25. Mai 2020 2 Likes

„Künstliche Intelligenzen enthüllen die Neigungen ihrer Schöpfer.“

Im Gespräch mit Autor M. G. Wheaton („Emily Eternal“)

Lesezeit: 10 min.

Der Amerikaner Mark Wheaton (im Shop) wirkte bereits an Videogames („F.E.A.R. 2: Project Origin“) und Filmen („Freitag, der 13.“) mit, wobei er mit z. B. Michael Bay und Steven Sonderberg zusammenarbeitete, schrieb aber auch schon eigene Comics („Cleaners“). Außerdem war der gebürtige Texaner, der heute mit seiner Familie in Los Angeles lebt, als freier Journalist für den „Hollywood Reporter“ und „Total Film“ tätig. Nach mehreren Romankrimis veröffentlichte er als M. G. Wheaton seinen ersten Science-Fiction-Roman „Emily Eternal“, der bei Heyne auf Deutsch erschienen ist. Darin wird im Angesicht des drohenden Weltuntergangs die hoch entwickelte künstliche Intelligenz Emily – ein einfühlsames künstliches Bewusstsein – zur letzten Hoffnung der Menschheit. Vorausgesetzt, Emily überwindet ihre moralischen Bedenken, um möglichst viel von der menschlichen Spezies zu retten – egal welche Grenzen dabei überschritten werden müssen. Im Interview spricht Mark Wheaton über seine Erfahrungen mit Computern und KI, den Unterschied zwischen Drehbüchern und Romanen sowie die Parallelen zwischen seiner endzeitlichen Geschichte und der gegenwärtigen Corona- Krise.

 


Mark Wheaton. Foto © Morna Ciraki Photography

Hallo Mark. Du hast einen beruflichen Hintergrund mit Computern. Was genau hast du gemacht, und wie hat das die Entwicklung von Emily beeinflusst?

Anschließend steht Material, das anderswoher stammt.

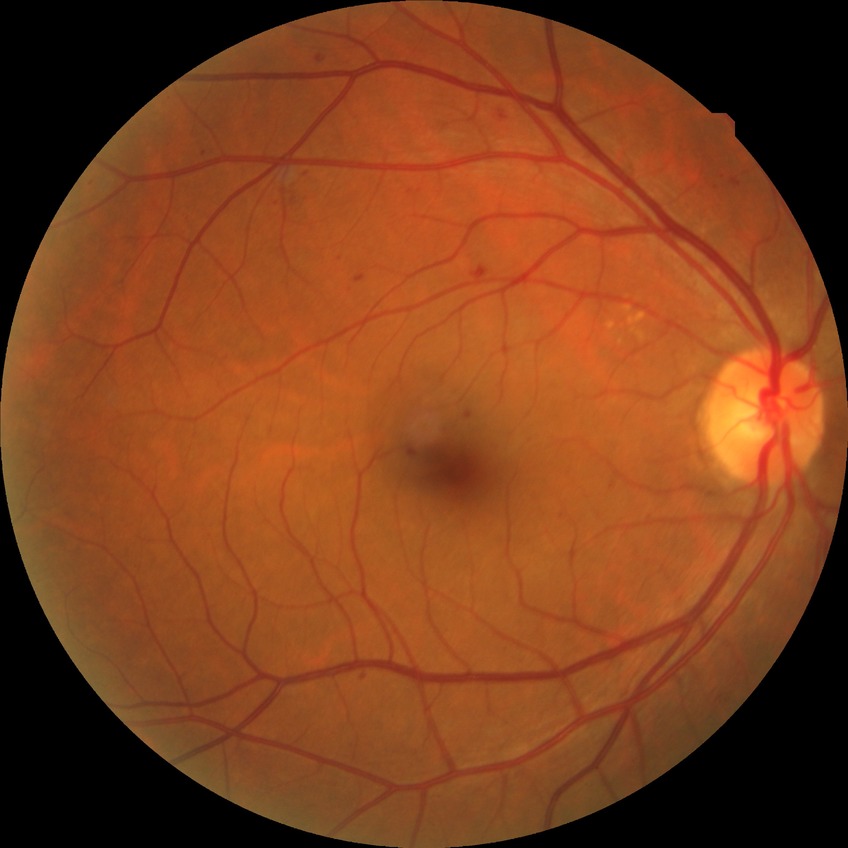

{"proliferative_class": "non-proliferative diabetic retinopathy", "davis_grade": "SDR"}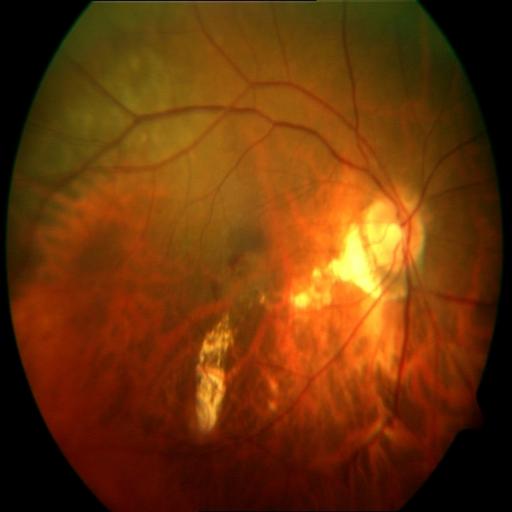

Fundus appearance consistent with MYA (myopia).

Um mich durchs College zu bringen, arbeitete ich in einer Fabrik an einem Fließband, wo CPUs und Server zusammengebaut wurden. Man erlernt die greifbare Seite von Technologie sehr schnell. Wie man Laufwerke repariert. Wie Massen an Informationen gespeichert werden. Wie Prozessoren arbeiten und welche Grenzen sie haben. Aber ich bin auch mit all dem aufgewachsen, da mein Vater sein ganzes Leben lang mit Computern arbeitete. In den 60ern, 70ern und 80ern installierte er Systeme für Bank- und Hotelketten, als diese von Akten aus Papier umstellten. Er brachte mir schon in jungen Jahren bei, wie Informationstechnologie voranschritt und was die Leute von ihr wollten.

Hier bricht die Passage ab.